Interview with Jack Antonoff of Bleachers
Interview with Jack Antonoff of BleachersPhoto Courtesy of Carlotta Kohl | Graphic by MPR

by Maddie

April 10, 2021

Maddie catches up with Bleachers' Jack Antonoff about listening to your gut and filtering out the noise when it comes to songwriting, his quarantine dreams, and who his first source of confidence was as a music producer.

Interview Transcript

Edited for clarity and length.

MADDIE: Hi, I'm Maddie sitting down with The Current here with Jack Antonoff today of Bleachers, of producing every single album, I think that exists, all of that good stuff. How are you doing today, Jack?

JACK ANTONOFF: I'm okay. I'm just in the studio at home, doing what I've done for a year.

Yeah, what has your quarantine home studio routine been like?

It's been interesting because a portion of my life is unchanged, because before COVID, I would just go into the studio alone, and that all looks the same. Then another portion of my life is gone, touring. I think, I don't know, it makes me feel connected to everyone and also on an island at the same time.
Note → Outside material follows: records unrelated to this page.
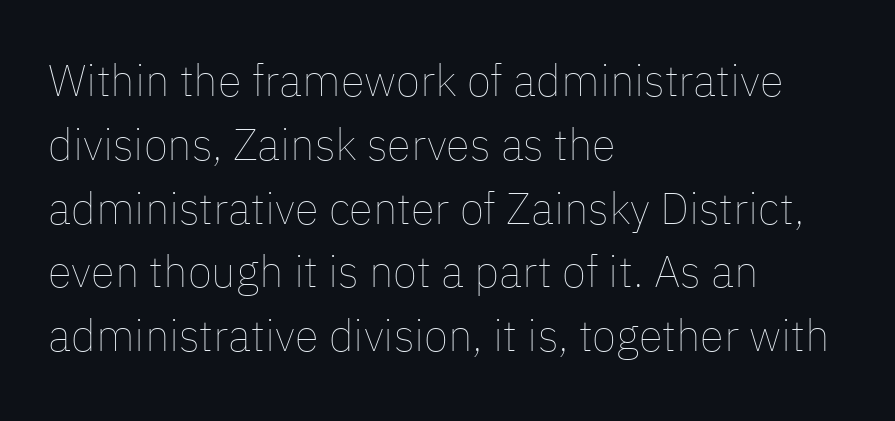
A light-to-regular cut is what we see here. The passage shown stacks its lines at a standard gap. Is the letter spacing exaggerated? No — it looks like the ordinary default. This rendering uses left alignment, leaving the right contour irregular. Anything drawn beneath the words? Only blank space. A roman cut, with each character standing at attention.
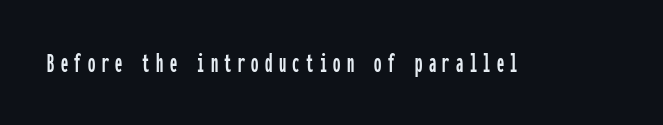
{"serif": "no", "italic": "no", "width": "condensed", "stroke_contrast": "low", "x_height": "medium", "monospaced": "yes", "underline": "no", "letter_spacing": "wide", "letter_spacing_em": 0.22, "glyph_px": 29}
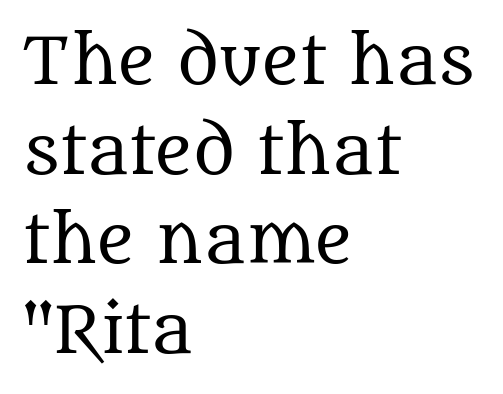
{"serif": "yes", "italic": "no", "bold": "no", "weight": "regular", "width": "normal", "stroke_contrast": "medium", "x_height": "large", "monospaced": "no", "underline": "no", "align": "left", "line_spacing": "normal", "line_spacing_ratio": 1.4, "letter_spacing": "normal", "letter_spacing_em": 0.0, "glyph_px": 64}
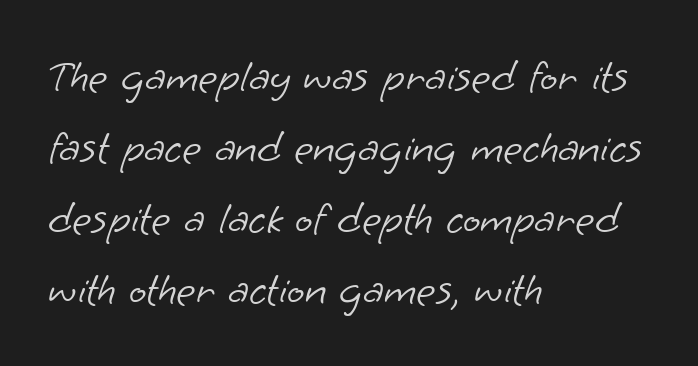
Whoever set this chose a conventional vertical rhythm. Caption: face not bold, strokes unweighted. Each letter keeps its own natural width here, so spacing adapts to shape. No word sits above an underline. This sample uses plain, unmodified letter spacing.
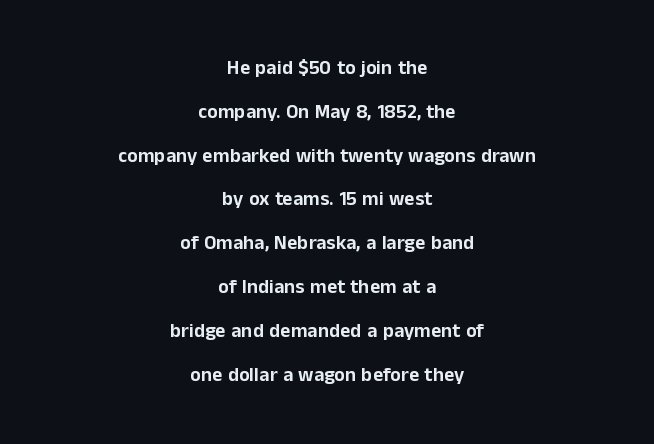
The image shows 20 px text type, upright; set centered, loose line spacing (2.19x), normal letter spacing, not underlined.
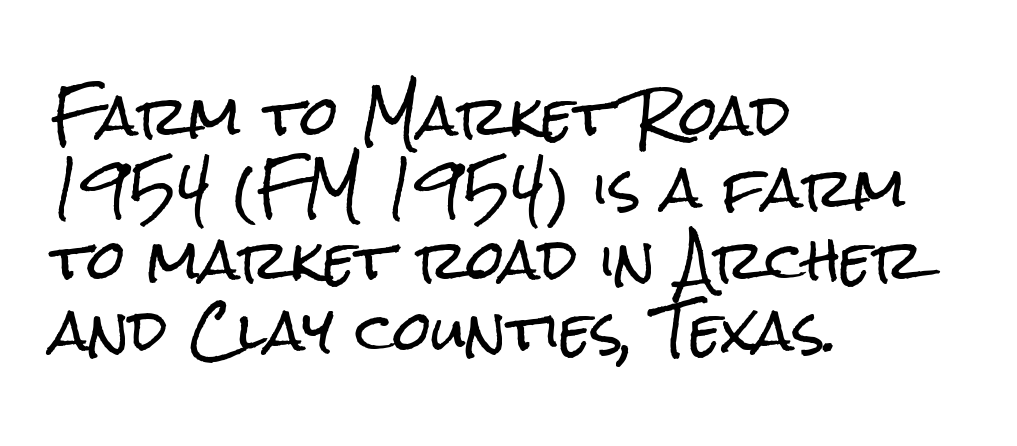
{"serif": "no", "italic": "no", "width": "condensed", "stroke_contrast": "low", "x_height": "medium", "monospaced": "no", "underline": "no", "align": "left", "line_spacing": "normal", "line_spacing_ratio": 1.33, "letter_spacing": "normal", "letter_spacing_em": 0.0, "glyph_px": 54}
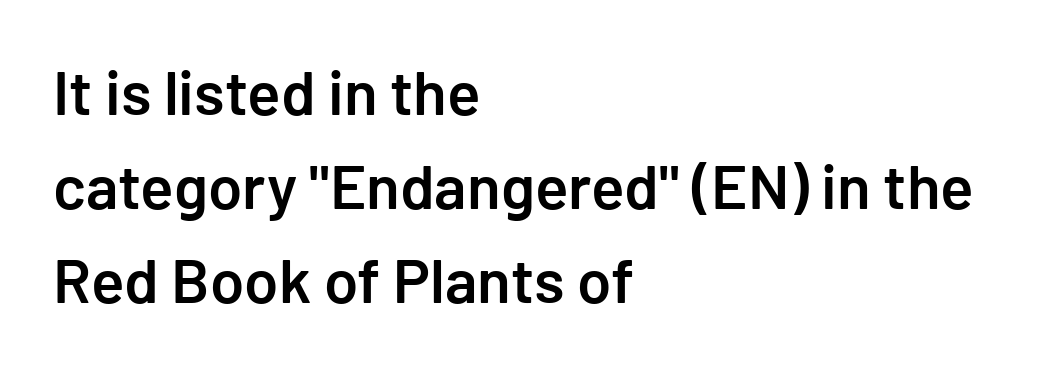
{"serif": "no", "italic": "no", "bold": "semi", "weight": "semibold", "width": "normal", "stroke_contrast": "low", "x_height": "medium", "underline": "no", "align": "left", "line_spacing": "normal", "line_spacing_ratio": 1.52, "letter_spacing": "normal", "letter_spacing_em": 0.0, "glyph_px": 62}
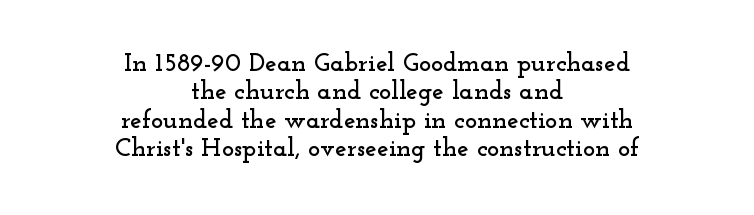
Q: Is the text italic (slanted)? A: No, it is upright.
Q: Is the text underlined? A: No.
Q: How is the paragraph aligned? A: Centered.
Q: Is the spacing between letters normal or unusually wide? A: Normal.
Q: Is the spacing between lines tight, normal or loose? A: Tight.
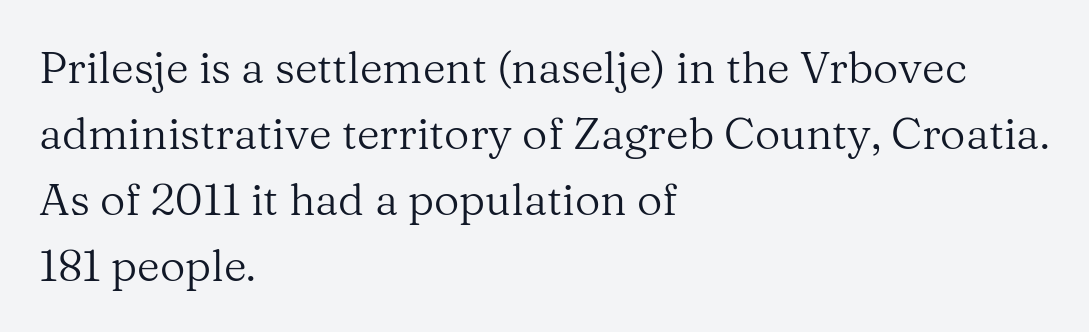
{"serif": "yes", "italic": "no", "bold": "no", "weight": "regular", "width": "normal", "stroke_contrast": "medium", "x_height": "medium", "monospaced": "no", "underline": "no", "align": "left", "line_spacing": "normal", "line_spacing_ratio": 1.5, "letter_spacing": "normal", "letter_spacing_em": 0.0, "glyph_px": 44}
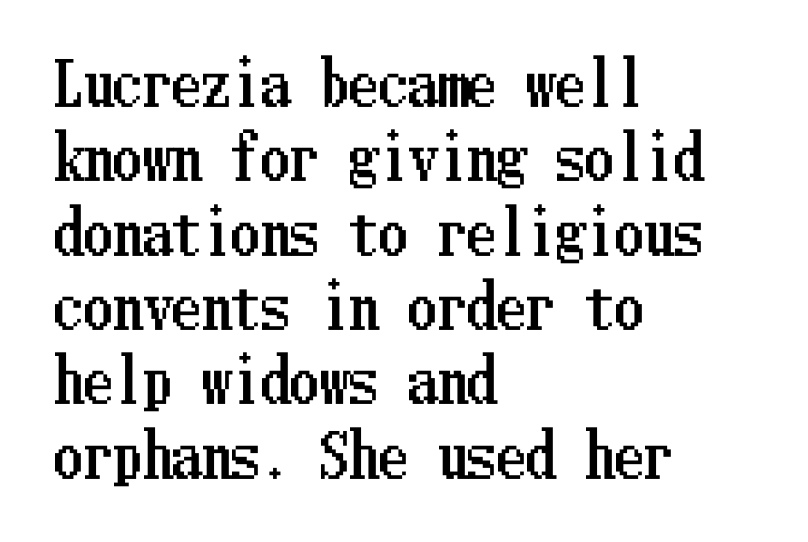
{"italic": "no", "width": "condensed", "stroke_contrast": "low", "x_height": "medium", "underline": "no", "align": "left", "line_spacing": "normal", "line_spacing_ratio": 1.26, "letter_spacing": "normal", "letter_spacing_em": 0.0, "glyph_px": 59}
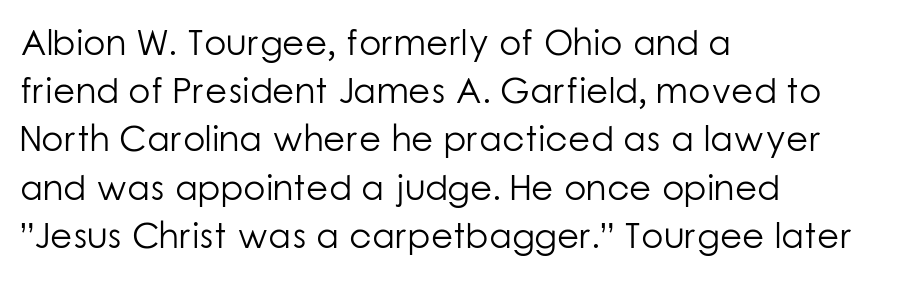
{"serif": "no", "italic": "no", "bold": "no", "weight": "light", "width": "normal", "stroke_contrast": "low", "x_height": "medium", "monospaced": "no", "underline": "no", "align": "left", "line_spacing": "normal", "line_spacing_ratio": 1.34, "letter_spacing": "normal", "letter_spacing_em": 0.0, "glyph_px": 36}

Yeah, with that jet setting/touring part of your life gone do you feel like the spots that your songs come from have changed at all? Or is that still coming from somewhere internal?

I think the core of them haven't changed the things I'm writing about. But the feeling behind them has changed, it reminds me of when I was a kid and I wasn't playing shows, and I didn't have an audience. The process of writing and recording was this, like, it was more of a big leap of faith, just to do it. Then everything was a big dream, I would dream about playing and dream about having people who cared about it.

I've gotten back to that place a little bit and I think their result has been an album that actually feels more like a live dream sequence than I could have imagined because I'm not in that conversation that I normally am when I make records where I'm playing, and then I'm recording.

Yeah, with this upcoming Bleachers record what do you think people are going to hear that is different from the records that you've put out in the past? It's been now I guess, what, three, four years since the past record? What do you think has changed?

The biggest thing is, you know, the bigger a band gets, the more you feel intent on speaking to the audience. That's the only real goal of what we're trying to do out here is to find our people and then talk to them. And that people group of people can expand but it's not about casting some insane wide net to find everyone. It's about having this like really intense furthering conversation with the people who are there. That's been a really interesting thing about this album as a third album, because it feels like there's things I can get into--almost like a TV show where people know the context. It's not about, you know, on my first album, I felt like a lot of stuff, which I love, but it was like Cliff Notes of my life. Now I can just, I don't know, maybe cut a little deeper.

Yeah, kind of returning to a new season of a show where people already know the characters.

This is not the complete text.